Brands are also wanting to make commitments to reduce their footprint on the earth. Many are starting to invest in organic and recyclable fabrics; host sample sales (rather than sending their old stock to the landfill); use recycled/recyclable packaging; and offering a ‘made to order’ or ‘pre-order’ service.
Here are some examples of how brands and their producers are leading the sustainable fashion movement:
From its beginning, Lacausa has been committed to honest and ethical manufacturing. They recognise the fashion industry as a major polluter and therefore, manufacture all their garments in their own LA-based factory. Here, they also prioritise a low waste design process.

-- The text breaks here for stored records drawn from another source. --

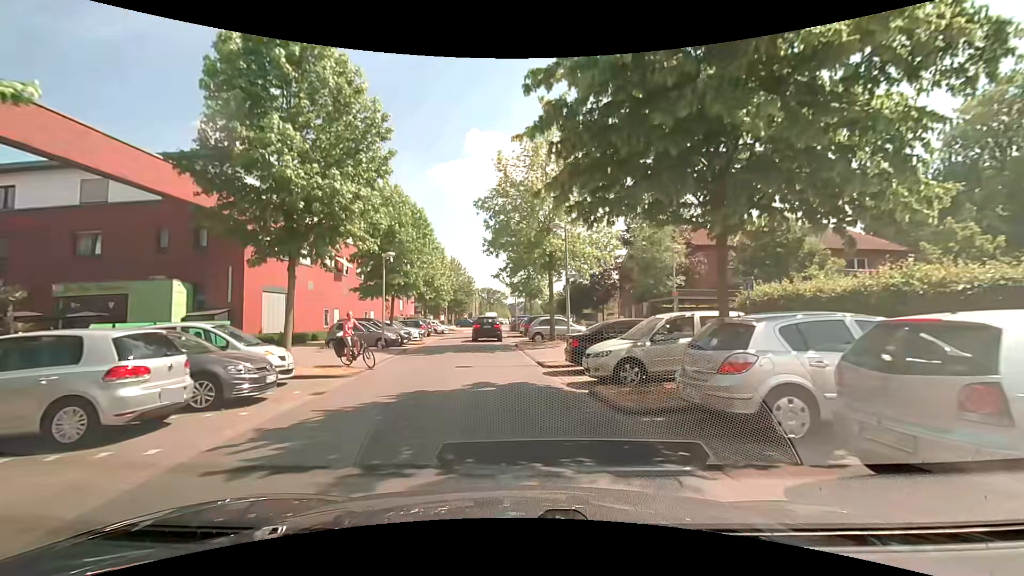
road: residential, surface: asphalt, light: Day
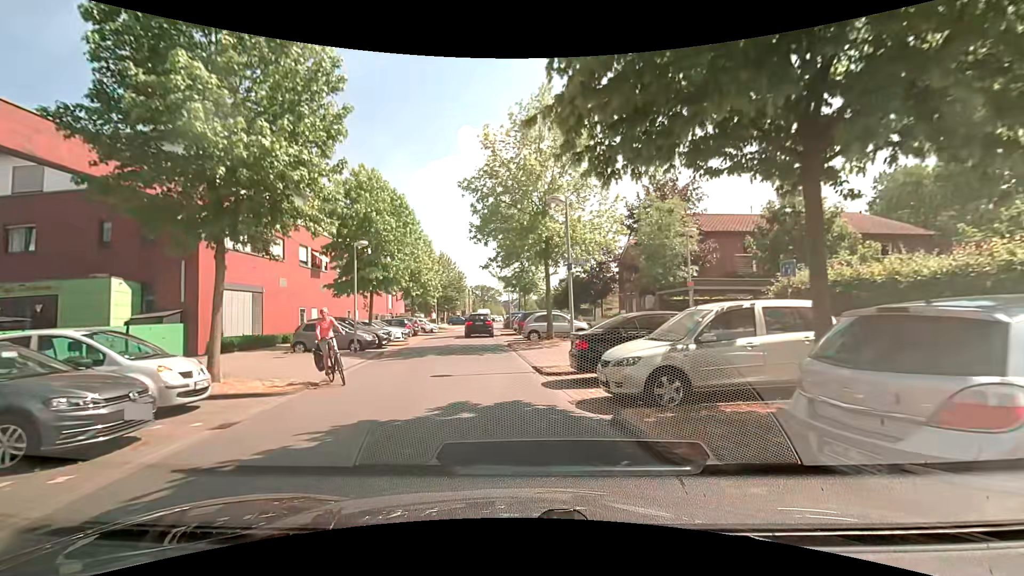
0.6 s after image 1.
(0.0, +3.1) m; +2°
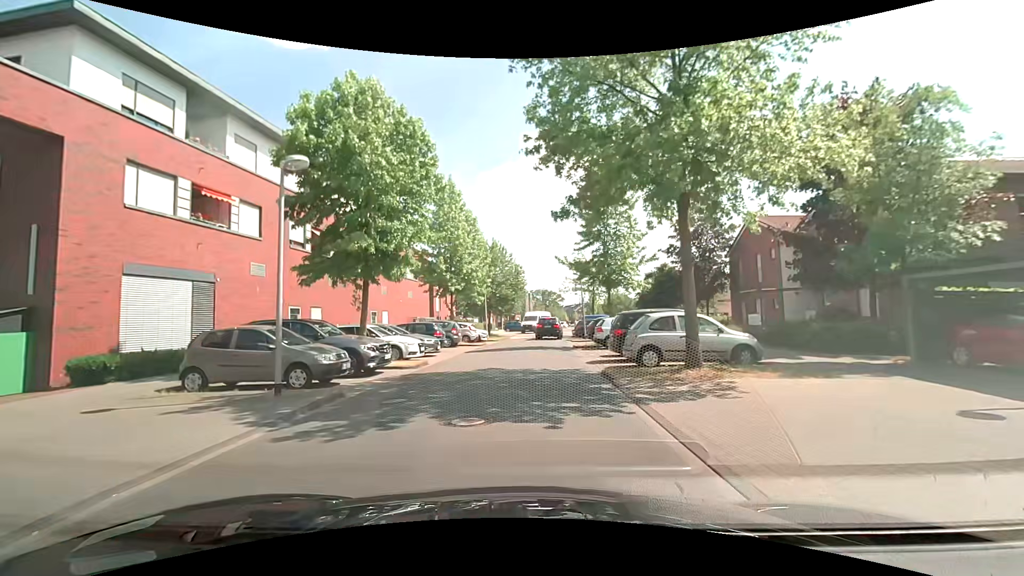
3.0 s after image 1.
(-1.2, +12.2) m; -8°
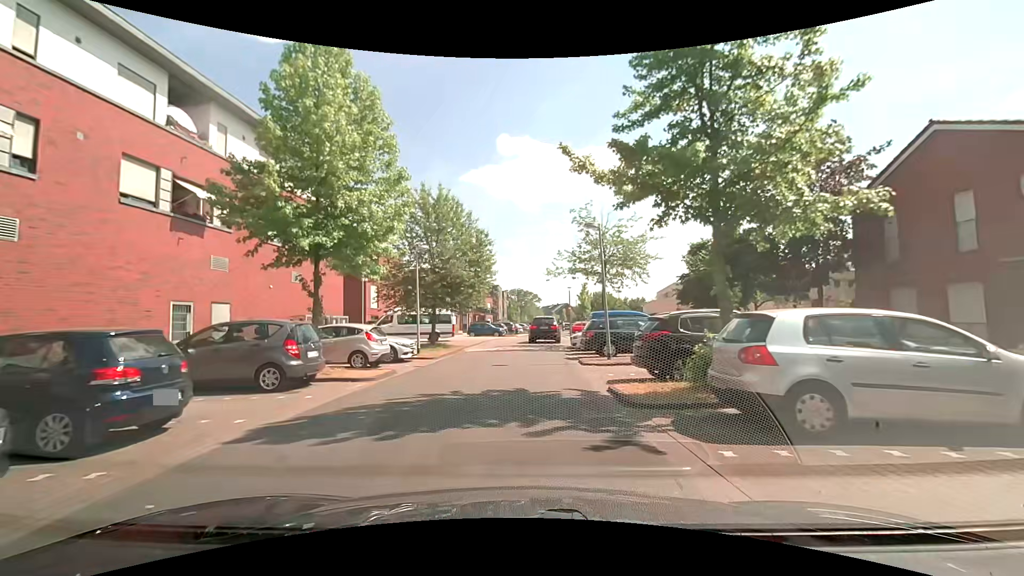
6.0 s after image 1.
(+0.6, +18.2) m; +4°
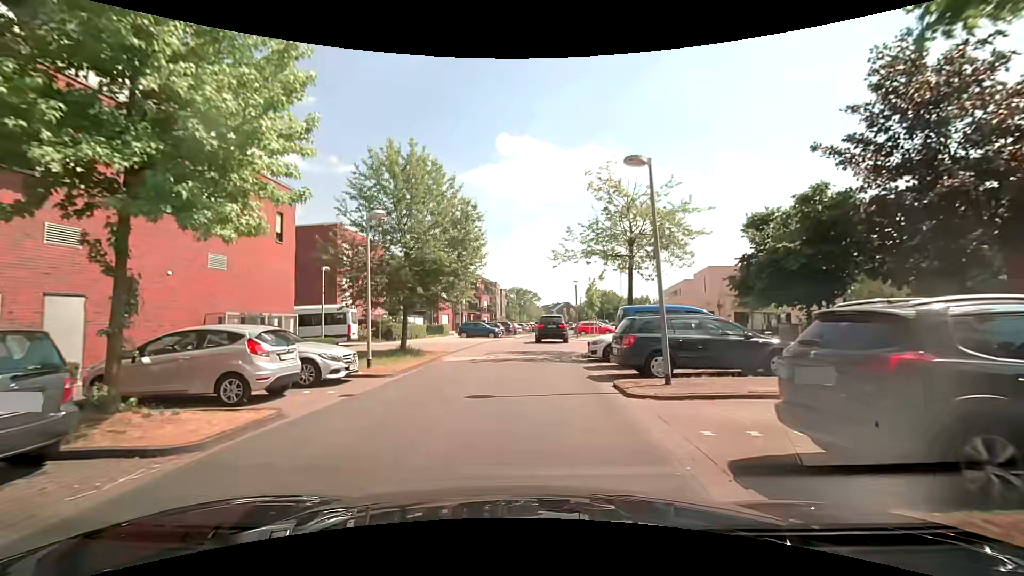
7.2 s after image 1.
(0.0, +6.8) m; 0°
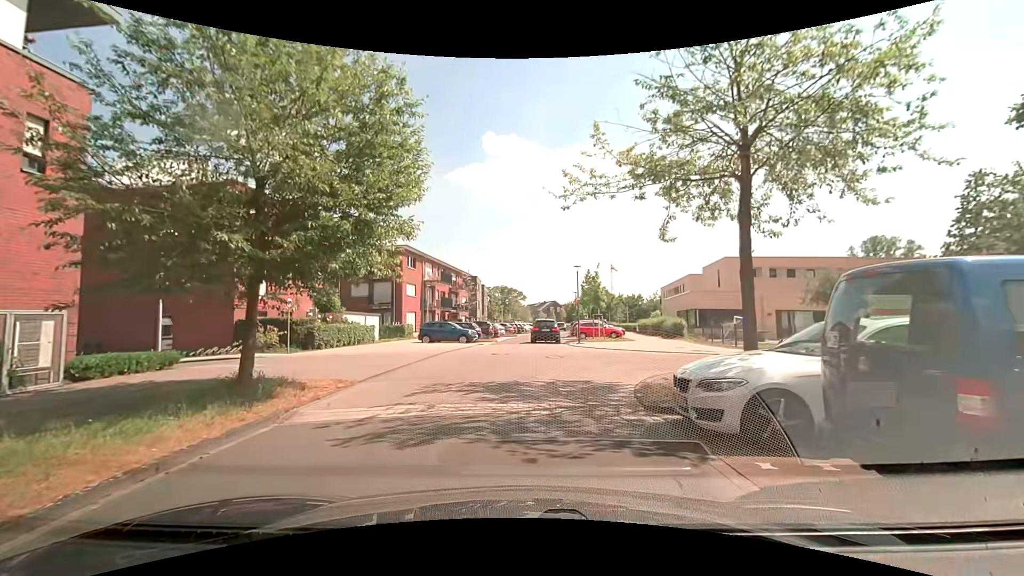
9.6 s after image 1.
(0.0, +11.4) m; 0°
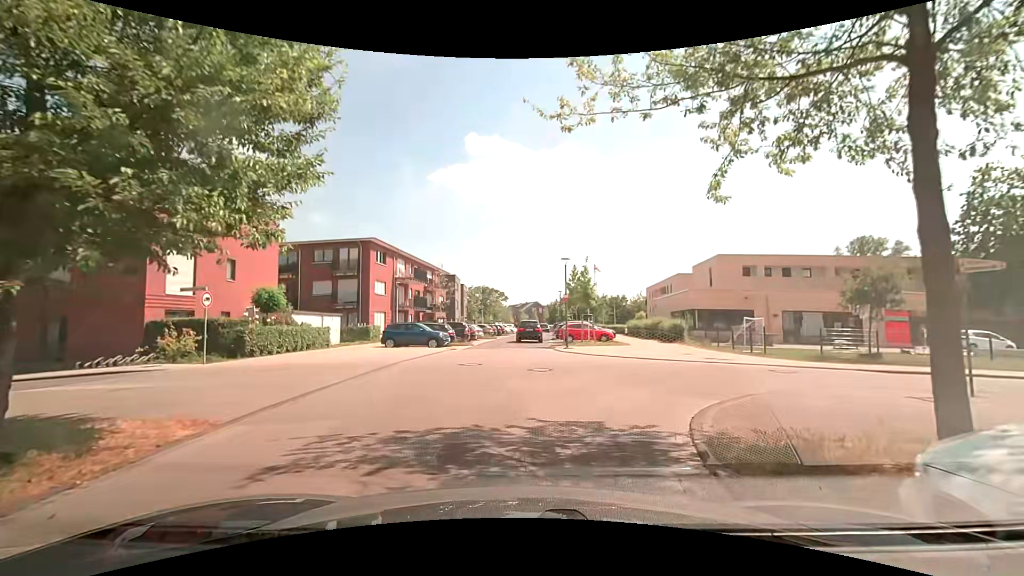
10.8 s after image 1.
(+0.1, +4.4) m; +3°
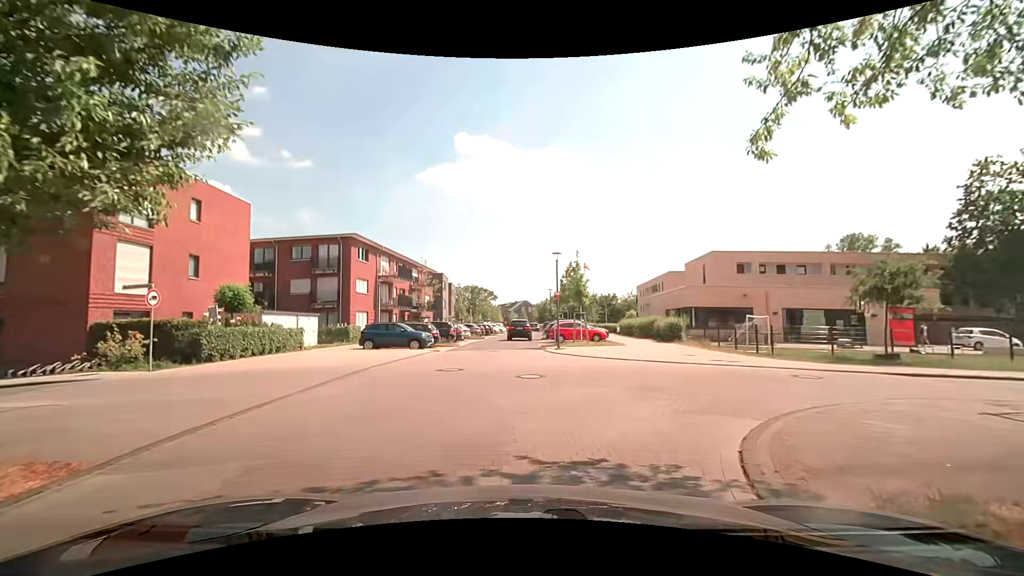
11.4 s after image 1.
(0.0, +1.9) m; +1°

Their most recent collection, FLOW, is made only from recycled tech (RPET) and organic flex. RPET diverts post-consumer water bottles from landfills and spins them into super comfortable and moisture wicking recycled tech fabric. Organic flex is made from organic cotton, and as mentioned previously, it is insanely soft and reduces water consumption by nearly 90%.
Jen’s Pirate Booty
Jen’s Pirate Booty is focused on the artisan process, partnering with a number of small family owned workshops and factories in a select five countries. The main collection is designed in LA and produced in Mexico. All the garments are carefully designed and selected based on their beautiful textiles, specialty materials and local artisan techniques. As they are individually handmade, this ensures that no two garments are the same nor are they mass produced.
This decreases the amount of waste and excess in market. Jen’s Pirate Booty’s ethos is based on the ancient artisanal processes that do not damage the environment in production.
Recently, Jen’s Pirate Booty has adopted the use of eco-friendly vegetable dyes free of pollutants and allergens that are derived from completely natural sources. This is another way the brand is reducing their carbon footprint whilst producing beautiful garments for their customers to wear.